And, speaking of no shit, Sherlock, which we presume and trust it very much wont be, details for the second episode of Sherlock series two - The Hounds of the Baskerville, have begun to emerge. The episode, which will be broadcast on 8 January will, of course, be adapted from Arthur Conan Doyle's iconic novel The Hound of the Baskervilles, probably the single most famous Sherlock Holmes story of them all - and certainly the one that'll be most familiar to most viewers. A BBC press release states: 'A Hound from Hell. A terrified young man. Sherlock's most famous case. But is a monster really stalking Dartmoor? Something terrible has happened to Henry Knight. Sherlock and John investigate the truth about the monstrous creature which apparently killed their client's father. But what seems like fantasy in Baker Street is a very different prospect in the ultra-secret army base that looms over Dartmoor.' Ooo, exciting stuff by the sounds of it. It'll be interesting to see how Sherlock tackles such an iconic text. We know that Being Human's Russell Tovey will play Henry Knight, who will likely take the place of Henry Baskerville from the original novel. Andrew Scott will also reprise his role as the flamboyantly over-the-top Jim Moriarty in the episode. The episode, as you'd probably expect for a story so steeps in Gothic horror traditions, has been written by Hammer's biggest fan, Mark Gatiss.

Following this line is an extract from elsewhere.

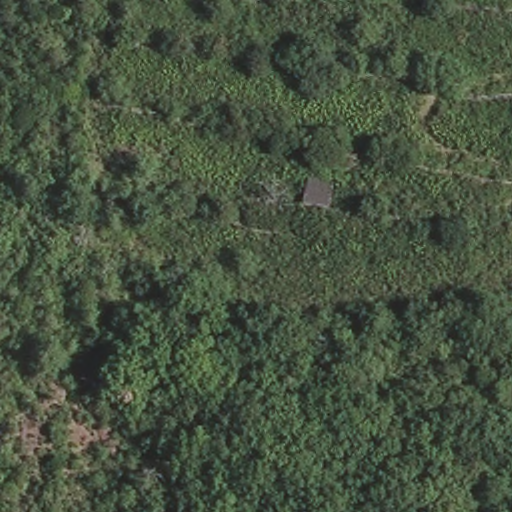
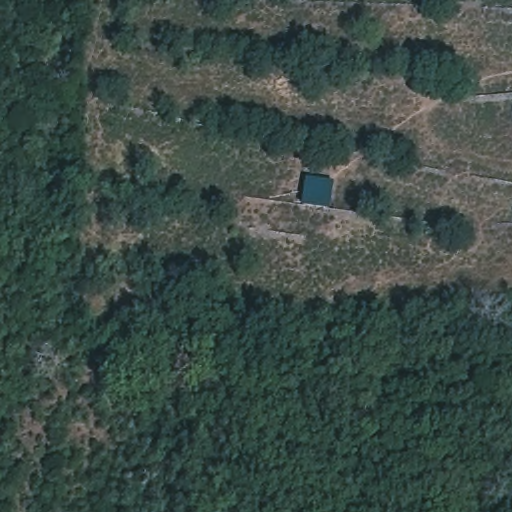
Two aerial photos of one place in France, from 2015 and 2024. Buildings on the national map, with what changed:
unchanged [(333,209),(300,205),(301,177),(333,181),(333,209)]

The private investigator who tailed more than one hundred celebrities and public figures including Prince William for the Scum of the World, has described the steps he claims the paper took to make him an accredited journalist. Derek Webb told the Leveson inquiry on Thursday that he had 'no experience or qualifications' as a journalist and would never have described himself as one. But in January 2009, he was asked to give up his licence as a private detective and to become a member of the National Union of Journalists. He was also asked to stop using his company name, Silent Shadow Services, and to change his e-mail address. 'I changed it from Silent Shadow to Shadow Watch – they wanted it changed from Shadow Watch,' he told the Leveson inquiry. He then started to use the name 'Derek Webb Media' in his e-mail address. He said it was easy to become an NUJ member. He filled in a form, putting his job down as a 'researcher.' Asked if he suddenly became a journalist, Webb said: 'No.' He added he would have described himself as 'freelance researcher cum journalist.' Asked what he was doing, he said: 'Surveillance.' Asked if anything changed at all since he was a private investigator from 2003 to 2009, he replied: 'Nothing.' Seems he spent most of his time giving one-word answers, by the sound of things. His evidence comes just a day after Tom Crone, the former legal chief of Scum of the World, testified that he believed that Webb was an accredited freelance journalist. Crone told the inquiry he 'had never been particularly keen' on the use of private detectives and he understood that certain 'strictures' on their use had been introduced when Colin Myler arrived as editor of Scum of the World. Crone told Leveson: 'They weren't quite banned [at the Scum of the World] but there were strictures on use of private detectives when Mr Myler came in.' Webb also told the inquiry how he had tailed the wife of one footballer for a month. 'It was hard work,' he said. 'She went everywhere.' What, including my house? The rotter.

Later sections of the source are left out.